Let's say a coin produces $H$ (for heads) with probability $p$ (and thus it produces $T$ with probability $p-1$. Let $X$ denote the number of $H$s we see and let $h$ be an integer. Then, if we flip the coin $n$ times:
$P(X=h) = \binom{n}{h}p^h(1-p)^{n-h}$
I'm not quite understanding where this formula is coming from.
I can see that there are $\binom{n}{h}$ ways to choose a $h$-length subset of an $n$-length set (i.e. there are $\binom{n}{h}$ $n$-length sequences where we see $h$ heads), but why do we multiply that with the probability? Furthermore, why do we multiply the probabilities of heads and tails together?
I get that coin flipping is an independent repeated trial, but I'm not sure how to apply that here (or whether it's even relevant). Any help is appreciated!
Say, rather, $\tbinom n h$ is the count of ways to select $h$ elements from a set of $n$ distinct elements. For example, the ways to select $h$ positions from a sequence of $n$ trials.
Thus $\tbinom nh$ is the count of ways to arrange $h$ heads among $n$ trial results.
$p$ is the probability that a trial will result in heads. $p^h$ is the probability that $h$ independent trials will do so. $(1-p)^{n-h}$ is the probability that $n-h$ independent trials will result in tails. $p^h(1-p)^{n-h}$ is therefore the probability that the first $h$ independent trials will result in heads and the next $n-h$ independent trials will result in tails.
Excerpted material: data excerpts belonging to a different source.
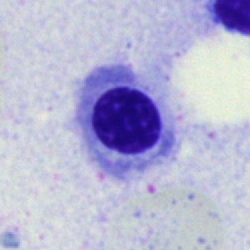 Showing a nucleated red cell.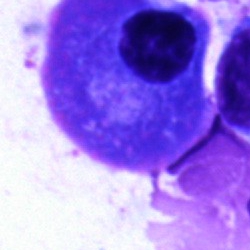 Morphology — plasmacyte.
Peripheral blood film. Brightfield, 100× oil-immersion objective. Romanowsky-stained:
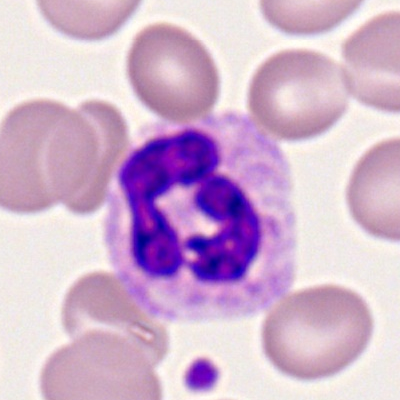 Q: Identify the cell.
A: This is a segmented neutrophil.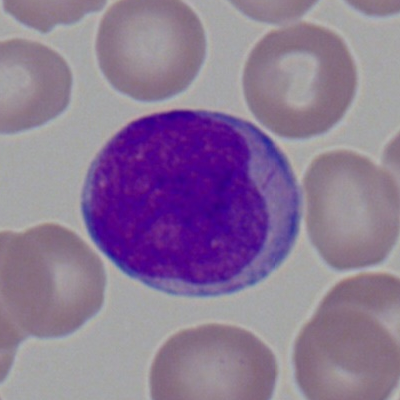 Specimen: peripheral blood smear.
Cell type: myeloid blast.
Lineage: myeloid.
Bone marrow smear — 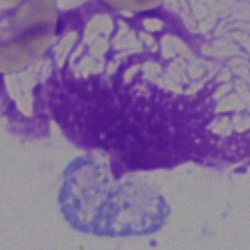 Q: What is shown here?
A: Artifact.
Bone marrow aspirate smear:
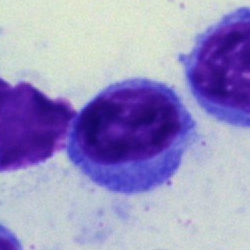 Q: Identify the cell.
A: A lymphocyte.
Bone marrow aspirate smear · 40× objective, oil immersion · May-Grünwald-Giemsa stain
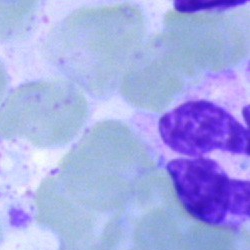 Morphological class = artefact.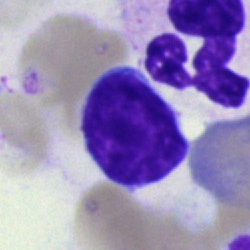
Morphology — typical lymphocyte.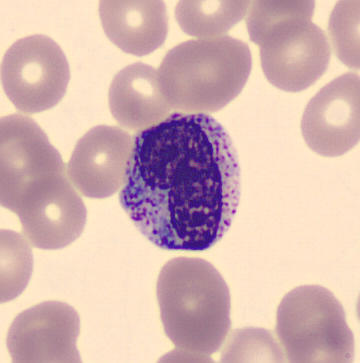Preparation: Peripheral blood smear. Imaged on a CellaVision DM96 analyser. A metamyelocyte.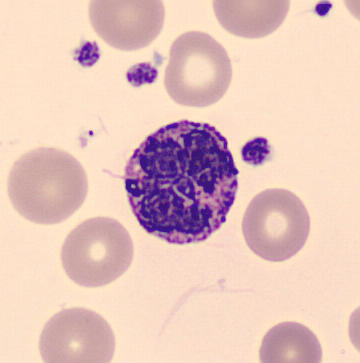Preparation: Peripheral blood smear.
Single cell identified as a basophilic granulocyte.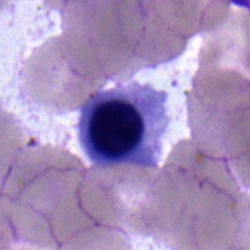Morphology consistent with an erythroblast.
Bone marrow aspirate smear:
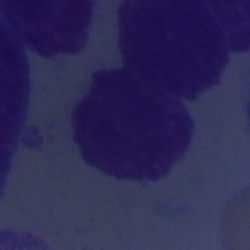Morphology → artefact.
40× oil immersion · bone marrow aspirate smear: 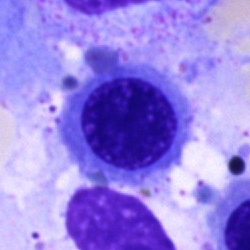 Impression — normoblast.
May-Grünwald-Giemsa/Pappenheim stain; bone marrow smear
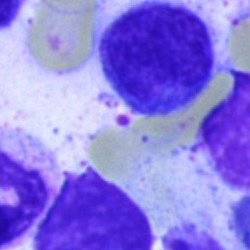 Morphology → lymphocyte.
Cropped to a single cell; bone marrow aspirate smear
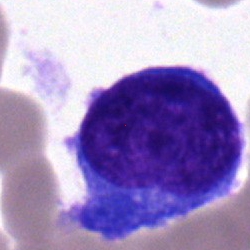

Q: What cell is this?
A: Plasma cell.
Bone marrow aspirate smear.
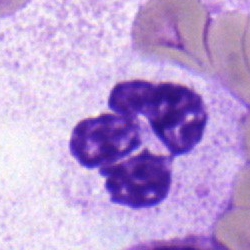Q: What is the morphological classification of this cell?
A: It is a segmented neutrophil.
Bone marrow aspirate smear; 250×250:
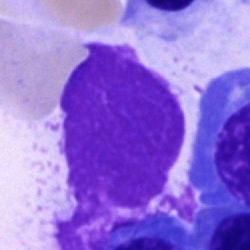

Q: What is shown here?
A: Artefact.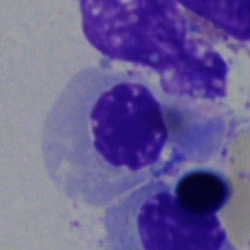

Cell type: nucleated red cell.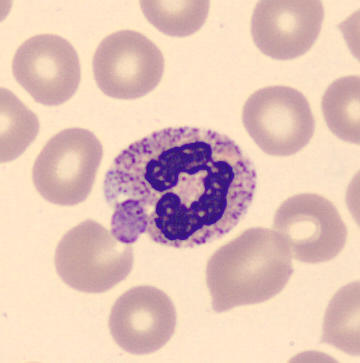

Peripheral blood smear · 360×363 · cropped to a single cell.

Cell type — neutrophil (segmented).
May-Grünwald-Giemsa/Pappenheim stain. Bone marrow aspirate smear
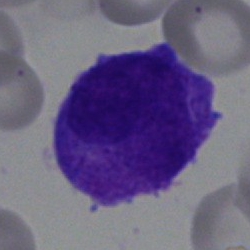
The cell is blast cell.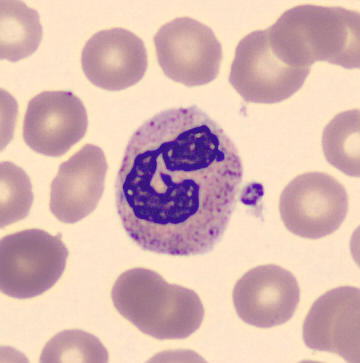 From a peripheral blood smear: a neutrophil (segmented).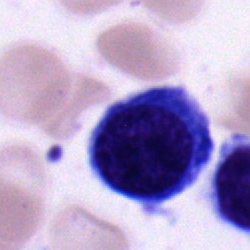

A nucleated red cell.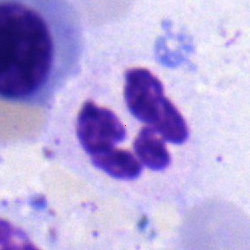
Neutrophil (segmented).
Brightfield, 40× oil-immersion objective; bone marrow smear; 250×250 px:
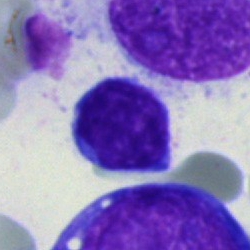
Morphology consistent with a lymphocyte.
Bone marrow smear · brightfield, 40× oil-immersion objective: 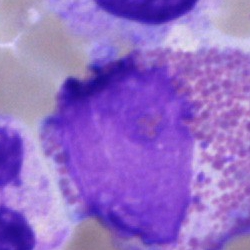 The morphological class is eosinophilic granulocyte.
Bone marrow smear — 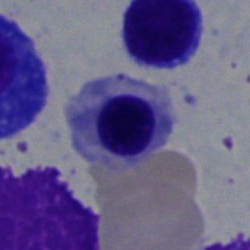

Specimen: bone marrow aspirate smear.
Cell: nucleated red cell.
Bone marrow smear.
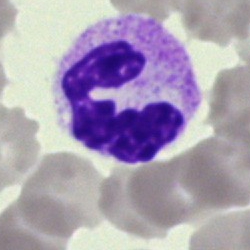This is a polymorphonuclear neutrophil.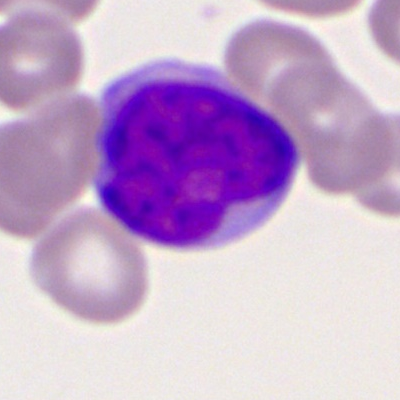 The classification is myeloid blast.
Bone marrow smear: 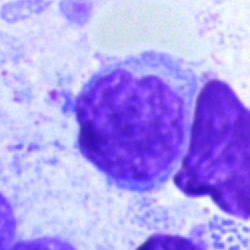 Q: What is shown here?
A: It is an artefact.
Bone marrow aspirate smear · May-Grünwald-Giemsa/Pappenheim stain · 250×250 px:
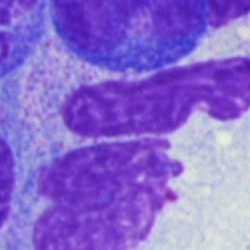
Morphological class: artefact.
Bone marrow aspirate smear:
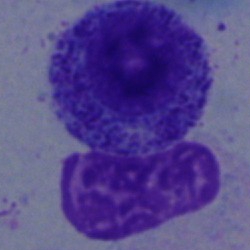
Specimen: bone marrow aspirate smear.
Morphological class: myelocyte.
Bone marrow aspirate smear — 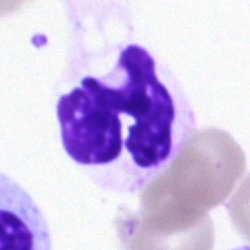 Morphology consistent with a polymorphonuclear neutrophil.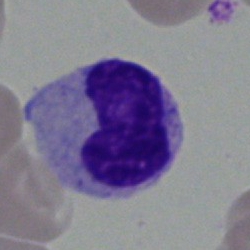
Specimen: bone marrow aspirate smear.
Morphological class: band-form neutrophil.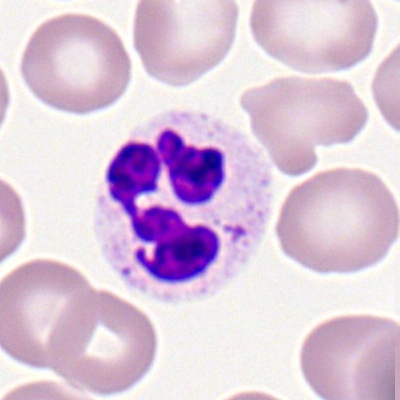The morphological class is segmented neutrophil.
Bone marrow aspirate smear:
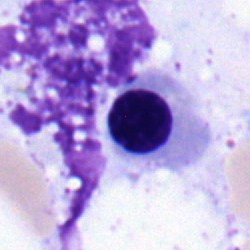Specimen: bone marrow aspirate smear.
Morphological class: erythroblast.
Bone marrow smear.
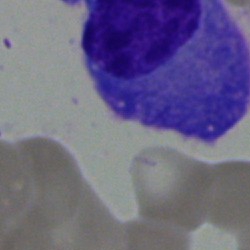 A plasmacyte.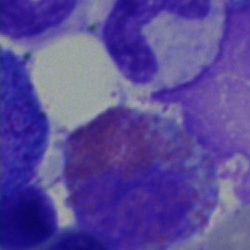
An eosinophilic granulocyte on a bone marrow smear.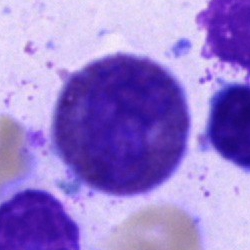

Specimen: bone marrow aspirate smear.
Cell: eosinophil.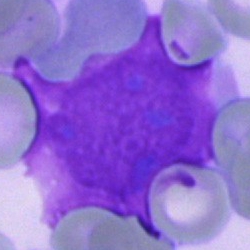

Impression — artefact.
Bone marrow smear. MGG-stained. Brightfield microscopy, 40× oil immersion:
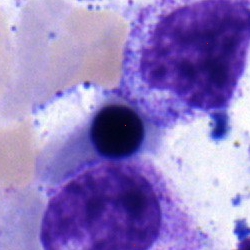 Erythroblast.
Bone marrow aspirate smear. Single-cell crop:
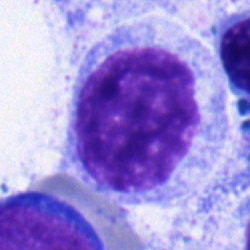
Q: Which cell type is shown here?
A: A myelocyte.
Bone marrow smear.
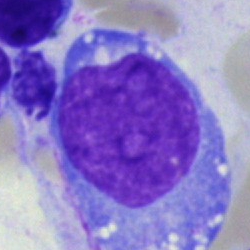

However that is for a particular arrangement of $h$ heads and $n-h$ tails. We want the probability for any arrangement of that many heads and tails among $n$ trials. So we must multiply by the count of such arrangements (since all arrangements are equally probable).$$\mathsf P(H{=}h) ~=~\dbinom n h p^h(1-p)^{(n-h)}\qquad\big[h\in\Bbb N, 0\leq h\leq n\big]$$